The Role of Transparency in Repeated First-Price Auctions with Unknown Valuations

We study the problem of regret minimization for a single bidder in a sequence of first-price auctions where the bidder knows the item's value only if the auction is won. Our main contribution is a complete characterization, up to logarithmic factors, of the minimax regret in terms of the auction's transparency, which regulates the amount of information on competing bids disclosed by the auctioneer at the end of each auction. Our results hold under different assumptions (stochastic, adversarial, and their smoothed variants) on the environment generating the bidder's valuations and competing bids. These minimax rates reveal how the interplay between transparency and the nature of the environment affects how fast one can learn to bid optimally in first-price auctions.

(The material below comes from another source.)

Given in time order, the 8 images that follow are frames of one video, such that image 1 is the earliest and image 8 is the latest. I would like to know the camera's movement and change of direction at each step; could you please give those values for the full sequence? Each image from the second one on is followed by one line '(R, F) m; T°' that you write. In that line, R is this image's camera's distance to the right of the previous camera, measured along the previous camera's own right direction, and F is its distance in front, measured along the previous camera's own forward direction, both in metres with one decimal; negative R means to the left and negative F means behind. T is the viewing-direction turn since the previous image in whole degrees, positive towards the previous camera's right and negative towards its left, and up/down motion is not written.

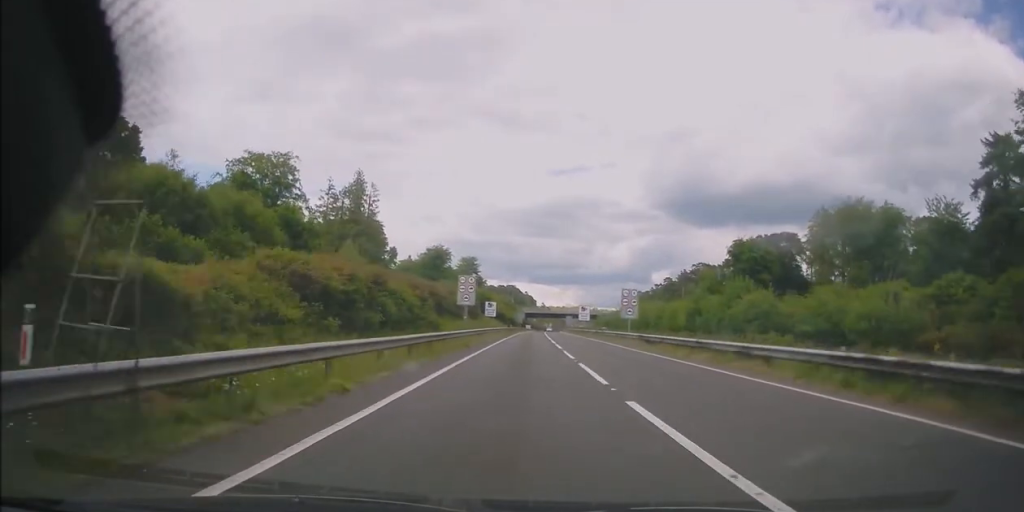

On the Minimax Regret for Online Learning with Feedback Graphs

In this work, we improve on the upper and lower bounds for the regret of online learning with strongly observable undirected feedback graphs. The best known upper bound for this problem is $\mathcal{O}\bigl(\sqrt{\alpha T\ln K}\bigr)$, where $K$ is the number of actions, $\alpha$ is the independence number of the graph, and $T$ is the time horizon. The $\sqrt{\ln K}$ factor is known to be necessary when $\alpha = 1$ (the experts case). On the other hand, when $\alpha = K$ (the bandits case), the minimax rate is known to be $\Theta\bigl(\sqrt{KT}\bigr)$, and a lower bound $\Omega\bigl(\sqrt{\alpha T}\bigr)$ is known to hold for any $\alpha$. Our improved upper bound $\mathcal{O}\bigl(\sqrt{\alpha T(1+\ln(K/\alpha))}\bigr)$ holds for any $\alpha$ and matches the lower bounds for bandits and experts, while interpolating intermediate cases. To prove this result, we use FTRL with $q$-Tsallis entropy for a carefully chosen value of $q \in [1/2, 1)$ that varies with $\alpha$. The analysis of this algorithm requires a new bound on the variance term in the regret. We also show how to extend our techniques to time-varying graphs, without requiring prior knowledge of their independence numbers. Our upper bound is complemented by an improved $\Omega\bigl(\sqrt{\alpha T(\ln K)/(\ln\alpha)}\bigr)$ lower bound for all $\alpha > 1$, whose analysis relies on a novel reduction to multitask learning. This shows that a logarithmic factor is necessary as soon as $\alpha < K$.

Repeated Bilateral Trade Against a Smoothed Adversary

We study repeated bilateral trade where an adaptive $\sigma$-smooth adversary generates the valuations of sellers and buyers. We provide a complete characterization of the regret regimes for fixed-price mechanisms under different feedback models in the two cases where the learner can post either the same or different prices to buyers and sellers. We begin by showing that the minimax regret after $T$ rounds is of order $\sqrt{T}$ in the full-feedback scenario. Under partial feedback, any algorithm that has to post the same price to buyers and sellers suffers worst-case linear regret. However, when the learner can post two different prices at each round, we design an algorithm enjoying regret of order $T^{3/4}$ ignoring log factors. We prove that this rate is optimal by presenting a surprising $T^{3/4}$ lower bound, which is the main technical contribution of the paper.